The second factor is more surprising and consequential. Over the last few years, Medicare patients have been using fewer expensive medical services, particularly hospital care and prescription drugs. The budget office is increasingly persuaded that such a pattern is going to last for a while.”
And there are even more proposals that could be enacted which don’t single out seniors for benefits cuts. How about allowing Medicare to negotiate for lower drug costs like the VA does for veterans? Or fully allow the proposed reductions in billions of dollars in federal overpayments to MA private insurance companies to be enacted, as proposed by the Affordable Care Act? This CBO report clearly proves there are ways to manage costs beyond the benefit-cutting or privatization schemes preferred by Congress’ self-proclaimed deficit hawks:
Joan McCarter at Daily Kos sums it up best this way:
“Here's what's particularly significant in this: "Reductions made in the last four years alone are responsible for 10-year savings of more than $715 billion, which dwarfs nearly every deficit-reduction measure currently under discussion." Take that, Paul Ryan.

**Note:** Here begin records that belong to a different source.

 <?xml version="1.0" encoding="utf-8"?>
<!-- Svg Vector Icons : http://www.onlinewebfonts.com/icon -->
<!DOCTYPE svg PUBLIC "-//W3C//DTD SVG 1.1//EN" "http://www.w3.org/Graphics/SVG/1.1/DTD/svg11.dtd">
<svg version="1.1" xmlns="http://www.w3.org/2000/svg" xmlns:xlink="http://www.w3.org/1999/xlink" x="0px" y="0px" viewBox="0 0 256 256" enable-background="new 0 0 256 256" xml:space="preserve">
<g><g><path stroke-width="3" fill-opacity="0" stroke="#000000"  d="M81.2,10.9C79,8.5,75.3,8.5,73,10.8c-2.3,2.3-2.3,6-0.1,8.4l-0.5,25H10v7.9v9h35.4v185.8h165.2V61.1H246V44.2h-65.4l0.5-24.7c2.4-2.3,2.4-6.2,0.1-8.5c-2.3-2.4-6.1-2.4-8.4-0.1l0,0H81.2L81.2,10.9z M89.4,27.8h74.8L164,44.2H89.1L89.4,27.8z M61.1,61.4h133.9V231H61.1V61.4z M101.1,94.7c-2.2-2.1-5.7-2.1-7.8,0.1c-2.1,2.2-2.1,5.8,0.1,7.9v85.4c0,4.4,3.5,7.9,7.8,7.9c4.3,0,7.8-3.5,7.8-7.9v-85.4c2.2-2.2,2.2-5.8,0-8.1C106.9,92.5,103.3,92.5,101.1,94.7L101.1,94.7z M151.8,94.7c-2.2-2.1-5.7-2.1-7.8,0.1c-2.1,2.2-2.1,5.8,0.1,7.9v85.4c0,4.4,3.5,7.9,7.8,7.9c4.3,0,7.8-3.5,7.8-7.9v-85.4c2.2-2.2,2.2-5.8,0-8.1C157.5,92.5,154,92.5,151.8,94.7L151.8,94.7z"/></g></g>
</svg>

Here's the thing. Medicare is going to be facing issues when the baby boom cohort gets older and sicker. But this trend in shrinking costs gives policymakers time to look at reforms that do not require benefit cuts, that don't require pain for Medicare patients. That means there's no reason for another Paul Ryan budget that slashes the safety net or for another catfood commission calling for raising the Medicare eligibility age or more cost-sharing by patients. Take note, Democrats, and stop with the deficit fetish already.”
In spite of years and years of doom-and-gloom predictions from conservatives that Obamacare will hurt Medicare, the facts just continue to tell another, very different story. Earlier in the month the annual Medicare Trustees report
showed how the ACA continues to extend the program’s solvency. Now, the Congressional Budget Office
has even more to say:
“You’re looking at the biggest story involving the federal budget and a crucial one for the future of the American economy. Every year for the last six years in a row, the Congressional Budget Office has reduced its estimate for how much the federal government will need to spend on Medicare in coming years. The latest reduction came in a report from the budget office on Wednesday morning.

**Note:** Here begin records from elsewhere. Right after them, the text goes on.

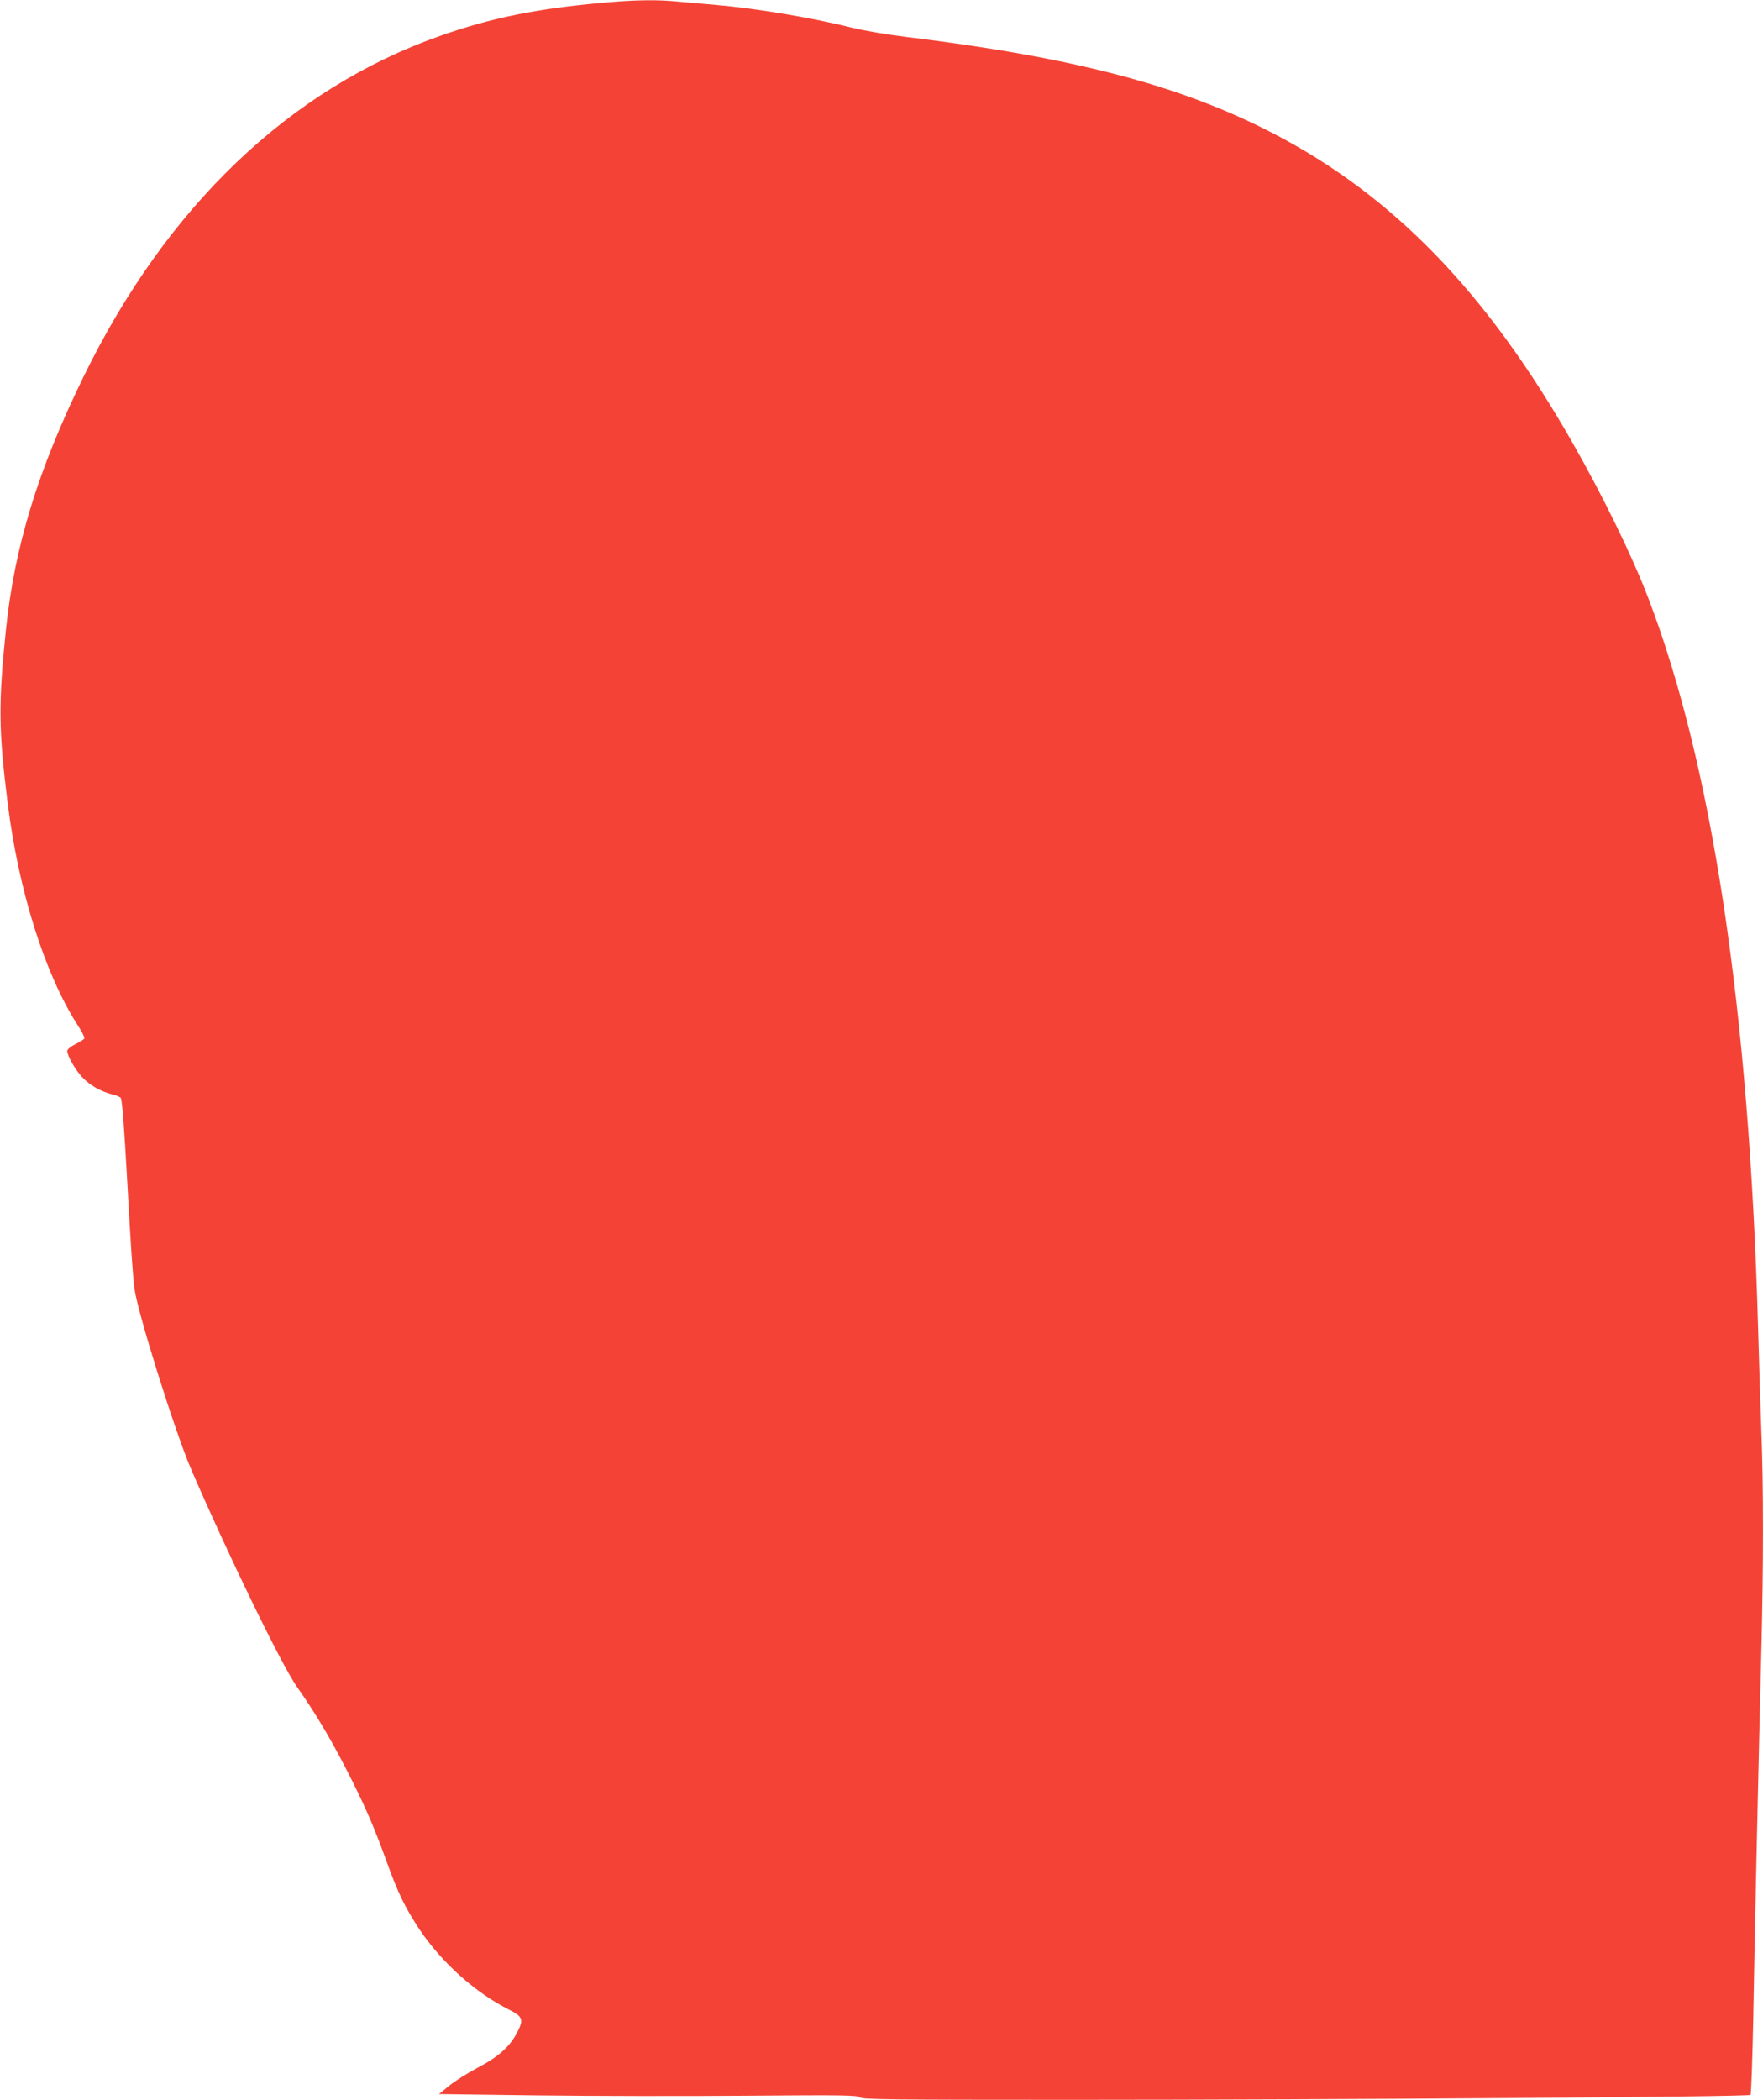 <?xml version="1.0" standalone="no"?>
<!DOCTYPE svg PUBLIC "-//W3C//DTD SVG 20010904//EN"
 "http://www.w3.org/TR/2001/REC-SVG-20010904/DTD/svg10.dtd">
<svg version="1.0" xmlns="http://www.w3.org/2000/svg"
 width="1075pt" height="1280pt" viewBox="0 0 1075 1280"
 preserveAspectRatio="xMidYMid meet">
<g transform="translate(0,1280) scale(0.1,-0.1)"
fill="#f44336" stroke="none">
<path d="M3685 12784 c-410 -36 -691 -93 -1002 -203 -917 -323 -1667 -1040
-2173 -2076 -279 -571 -421 -1034 -474 -1545 -46 -447 -45 -609 10 -1050 67
-540 227 -1048 430 -1363 25 -38 42 -73 38 -78 -3 -5 -28 -21 -55 -34 -28 -14
-49 -32 -49 -41 0 -30 51 -119 93 -162 47 -49 111 -85 181 -103 25 -6 49 -16
52 -21 9 -14 21 -176 39 -496 22 -401 34 -585 45 -668 19 -146 247 -871 344
-1097 222 -515 551 -1193 645 -1327 112 -159 205 -315 303 -506 110 -214 165
-340 243 -555 73 -202 114 -285 202 -419 136 -203 340 -386 546 -490 85 -42
91 -61 51 -138 -45 -88 -114 -149 -241 -216 -62 -33 -140 -82 -174 -110 l-62
-51 599 -8 c329 -4 904 -5 1276 -2 595 5 678 3 691 -10 14 -13 168 -15 1298
-15 1582 0 4121 18 4133 30 4 4 12 221 17 482 8 484 31 1524 49 2228 13 505
13 1017 0 1335 -5 138 -14 423 -20 635 -54 1929 -279 3425 -669 4443 -97 255
-279 627 -461 946 -522 916 -1092 1506 -1823 1886 -563 293 -1216 465 -2242
590 -115 14 -261 39 -325 55 -249 62 -582 118 -835 140 -71 6 -174 15 -228 20
-126 13 -264 11 -452 -6z"/>
</g>
</svg>

The changes are big. The difference between the current estimate for Medicare’s 2019 budget and the estimate for the 2019 budget four years ago is about $95 billion. That sum is greater than the government is expected to spend that year on unemployment insurance, welfare and Amtrak — combined. It’s equal to about one-fifth of the expected Pentagon budget in 2019. Widely discussed policy changes, like raising the estate tax, would generate just a tiny fraction of the budget savings relative to the recent changes in Medicare’s spending estimates.”
Unfortunately, these fiscal facts will be ignored by those in Washington determined to cut Medicare benefits. Even though he’s on a nationwide book tour, Rep. Paul Ryan is doing everything possible to ignore talking about his plan which would turn Medicare into CouponCare while also repealing the ACA -- stealing years from Medicare’s solvency, eliminating free screenings for seniors, preserving massive subsidies for private insurers in Medicare Advantage and bringing back the costly prescription drug donut hole.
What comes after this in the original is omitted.